The Sum of All Fears
(For more reviews: http://www.iscriptdb.com)

Starring: Ben Affleck, Morgan Freeman, Bridget Moynahan, Liev Schreiber, Alan Bates Directed by: Phil Alden Robinson
Written by: Akiva Goldsman, Paul Attanasio, Daniel Pyne
Distributor: Paramount Pictures
Release year: 2000

Rating: 6 out of 10

The sum of all our fears is fragile and unfortunately we get to witness it.

This movie was effective in taking all of my fears since September 11, and bringing them to the surface for two horrifying hours. The scenario was chilling, and felt very real. Whether or not that’s the result of good storytelling I’m not yet sure. As for artistic and cinematic impressions I might have had, they are secondary right now as I write this. I’m still recovering.
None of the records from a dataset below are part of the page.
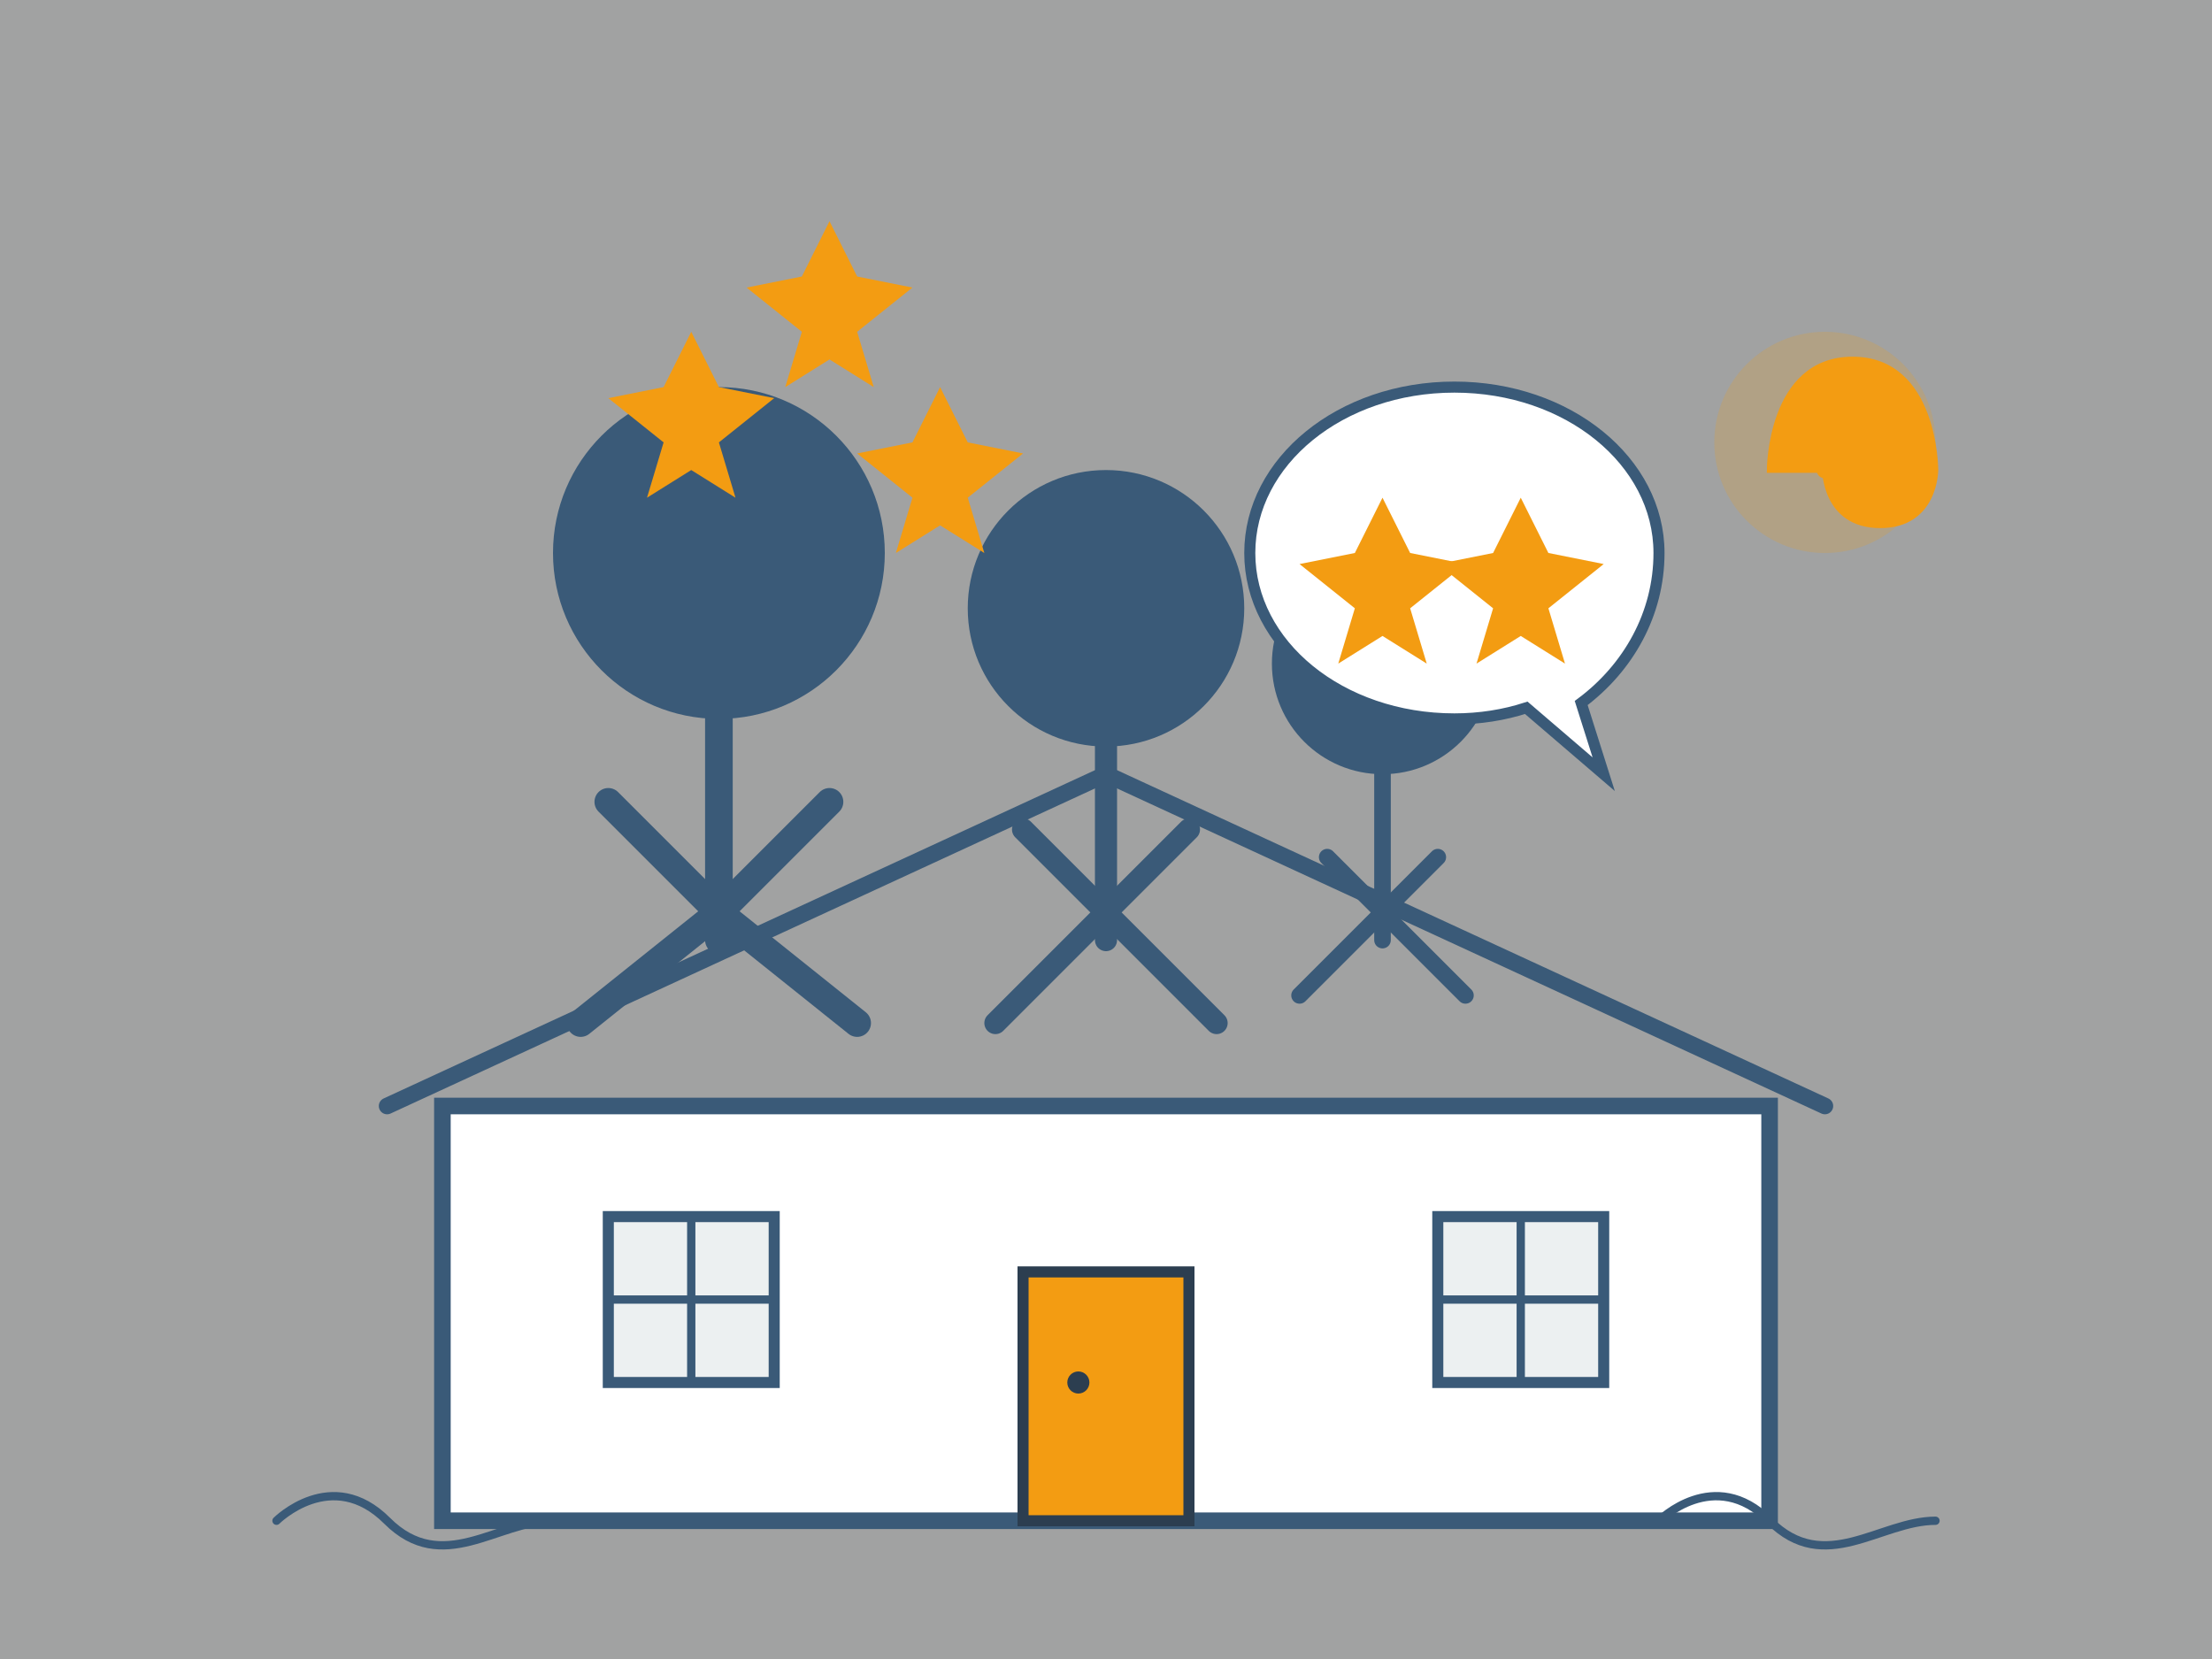 <svg width="400" height="300" viewBox="0 0 400 300" fill="none" xmlns="http://www.w3.org/2000/svg">
  <rect x="0" y="0" width="400" height="300" fill="#808080" stroke="none"/>
  <!-- Background elements -->
  <rect width="400" height="300" fill="#ECF0F1" opacity="0.3"/>
  
  <!-- Happy clients -->
  <!-- Client 1 -->
  <circle cx="130" cy="100" r="30" fill="#3A5A78"/>
  <path d="M130 130V170" stroke="#3A5A78" stroke-width="5" stroke-linecap="round"/>
  <path d="M110 145L130 165L150 145" stroke="#3A5A78" stroke-width="5" stroke-linecap="round" stroke-linejoin="round"/>
  <path d="M105 185L130 165L155 185" stroke="#3A5A78" stroke-width="5" stroke-linecap="round" stroke-linejoin="round"/>
  
  <!-- Client 2 (family member) -->
  <circle cx="200" cy="110" r="25" fill="#3A5A78"/>
  <path d="M200 135V170" stroke="#3A5A78" stroke-width="4" stroke-linecap="round"/>
  <path d="M185 150L200 165L215 150" stroke="#3A5A78" stroke-width="4" stroke-linecap="round" stroke-linejoin="round"/>
  <path d="M180 185L200 165L220 185" stroke="#3A5A78" stroke-width="4" stroke-linecap="round" stroke-linejoin="round"/>
  
  <!-- Client 3 (child) -->
  <circle cx="250" cy="120" r="20" fill="#3A5A78"/>
  <path d="M250 140V170" stroke="#3A5A78" stroke-width="3" stroke-linecap="round"/>
  <path d="M240 155L250 165L260 155" stroke="#3A5A78" stroke-width="3" stroke-linecap="round" stroke-linejoin="round"/>
  <path d="M235 180L250 165L265 180" stroke="#3A5A78" stroke-width="3" stroke-linecap="round" stroke-linejoin="round"/>
  
  <!-- Speech bubble with stars -->
  <path d="M300 100C300 83.431 283.569 70 263 70C242.431 70 226 83.431 226 100C226 116.569 242.431 130 263 130C267.593 130 271.989 129.297 276 127.994L290 140L285.93 127.129C294.461 120.77 300 111.012 300 100Z" fill="white" stroke="#3A5A78" stroke-width="2"/>
  
  <!-- Stars in speech bubble -->
  <path d="M245 100L250 90L255 100L265 102L255 110L258 120L250 115L242 120L245 110L235 102L245 100Z" fill="#F39C12"/>
  <path d="M270 100L275 90L280 100L290 102L280 110L283 120L275 115L267 120L270 110L260 102L270 100Z" fill="#F39C12"/>
  
  <!-- Renovated house -->
  <path d="M80 200H320V275H80V200Z" fill="white" stroke="#3A5A78" stroke-width="3"/>
  <path d="M70 200L200 140L330 200" stroke="#3A5A78" stroke-width="3" stroke-linecap="round" stroke-linejoin="round"/>
  
  <!-- Windows -->
  <rect x="110" y="220" width="30" height="30" fill="#ECF0F1" stroke="#3A5A78" stroke-width="2"/>
  <line x1="110" y1="235" x2="140" y2="235" stroke="#3A5A78" stroke-width="1.5"/>
  <line x1="125" y1="220" x2="125" y2="250" stroke="#3A5A78" stroke-width="1.5"/>
  
  <rect x="260" y="220" width="30" height="30" fill="#ECF0F1" stroke="#3A5A78" stroke-width="2"/>
  <line x1="260" y1="235" x2="290" y2="235" stroke="#3A5A78" stroke-width="1.5"/>
  <line x1="275" y1="220" x2="275" y2="250" stroke="#3A5A78" stroke-width="1.5"/>
  
  <!-- Door -->
  <rect x="185" y="230" width="30" height="45" fill="#F39C12" stroke="#2C3E50" stroke-width="2"/>
  <circle cx="195" cy="250" r="2" fill="#2C3E50"/>
  
  <!-- Garden elements -->
  <path d="M50 275C50 275 60 265 70 275C80 285 90 275 100 275" stroke="#3A5A78" stroke-width="1.5" stroke-linecap="round"/>
  <path d="M300 275C300 275 310 265 320 275C330 285 340 275 350 275" stroke="#3A5A78" stroke-width="1.5" stroke-linecap="round"/>
  
  <!-- Rating stars at bottom -->
  <path d="M165 80L170 70L175 80L185 82L175 90L178 100L170 95L162 100L165 90L155 82L165 80Z" fill="#F39C12"/>
  <path d="M145 50L150 40L155 50L165 52L155 60L158 70L150 65L142 70L145 60L135 52L145 50Z" fill="#F39C12"/>
  <path d="M120 70L125 60L130 70L140 72L130 80L133 90L125 85L117 90L120 80L110 72L120 70Z" fill="#F39C12"/>
  
  <!-- Thumbs up icon -->
  <circle cx="330" cy="80" r="20" fill="#F39C12" opacity="0.2"/>
  <path d="M330 85V70" stroke="#F39C12" stroke-width="3" stroke-linecap="round"/>
  <path d="M330 85C330 85 330 95 340 95C350 95 350 85 350 85C350 85 350 65 335 65C320 65 320 85 320 85H330Z" fill="#F39C12" stroke="#F39C12" stroke-width="1"/>
</svg>

During the course of watching this film I forgot how bad of an actor Ben Affleck was, and how brilliant Morgan Freeman can conduct himself as an actor. I was numbed by this movie. Even the lackluster special effects were momentarily extinguished from my mind.
Ben Affleck takes on the role of Jack Ryan, a creation by the talented Tom Clancy, and made famous by Harrison Ford. Morgan Freeman takes on the role of Bill Cabot, Ryan’s superior. The basic plot is this: an American made nuke lost by the Israelis during their war with Egypt and Syria ends up in the hands of European neo-Nazi fascist terrorists. After what looks like Russian involvement in possible terror attacks, is soon identified as the neo-Nazi wish to strengthen themselves by getting the United States and Russia to obliterate themselves. So they blow up the bomb at the Super Bowl in hopes of killing the President who is in attendance. Did anyone, even the filmmakers, ever stop to think that had both countries got into a full scale nuclear war there would have been no earth left to take over? Herein is the domino that falls and brings the rest of the story down.

Before and during this realization Jack Ryan is hot on the trail of the missing bomb, which takes him into Russia. There is a change of leadership in Russia, and American advisers feel the new Russian President is a threat. What is clear is that he has lost control of parts of his military.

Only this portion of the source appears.